● EXERCISE: Each line that contains the word "ground" is to be copied from the records below.

● Stored data:
######
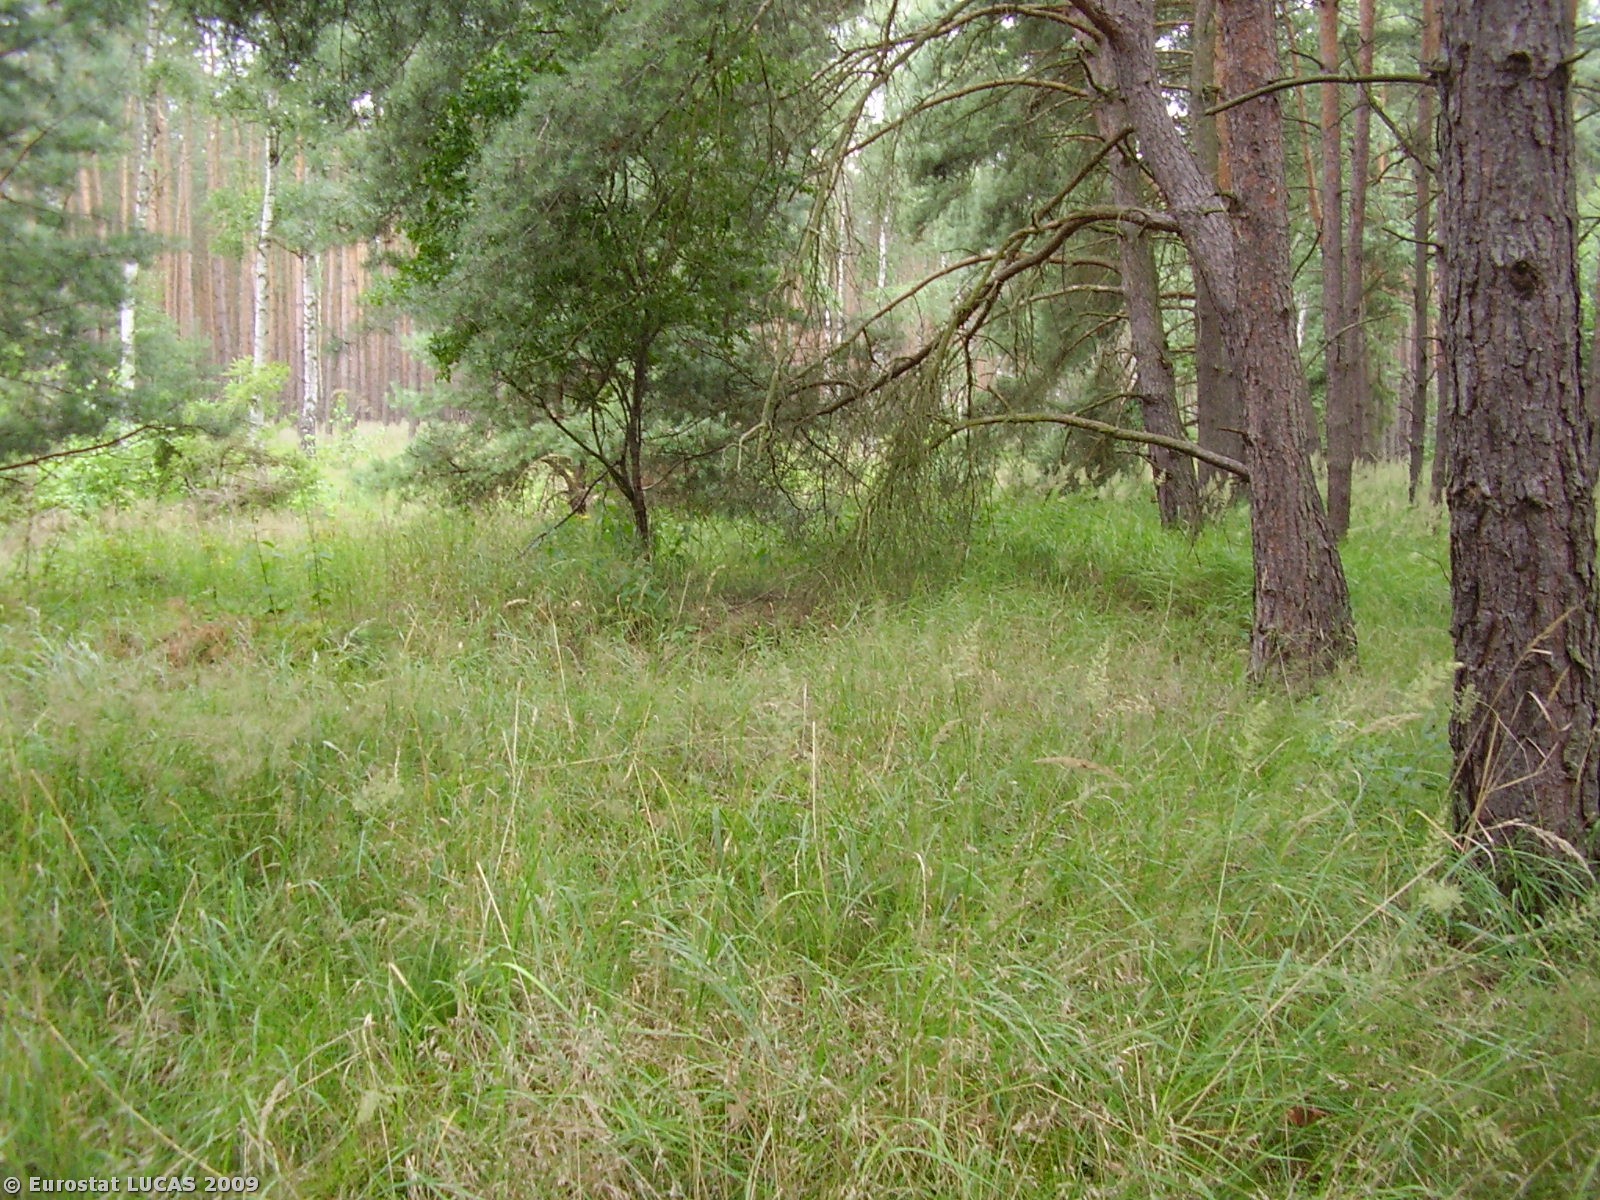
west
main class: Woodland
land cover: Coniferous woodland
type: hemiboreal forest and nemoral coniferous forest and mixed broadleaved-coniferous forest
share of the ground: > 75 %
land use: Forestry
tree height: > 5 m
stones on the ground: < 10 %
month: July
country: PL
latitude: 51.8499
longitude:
######
● YOUR SOLUTION:
share of the ground: > 75 %
stones on the ground: < 10 %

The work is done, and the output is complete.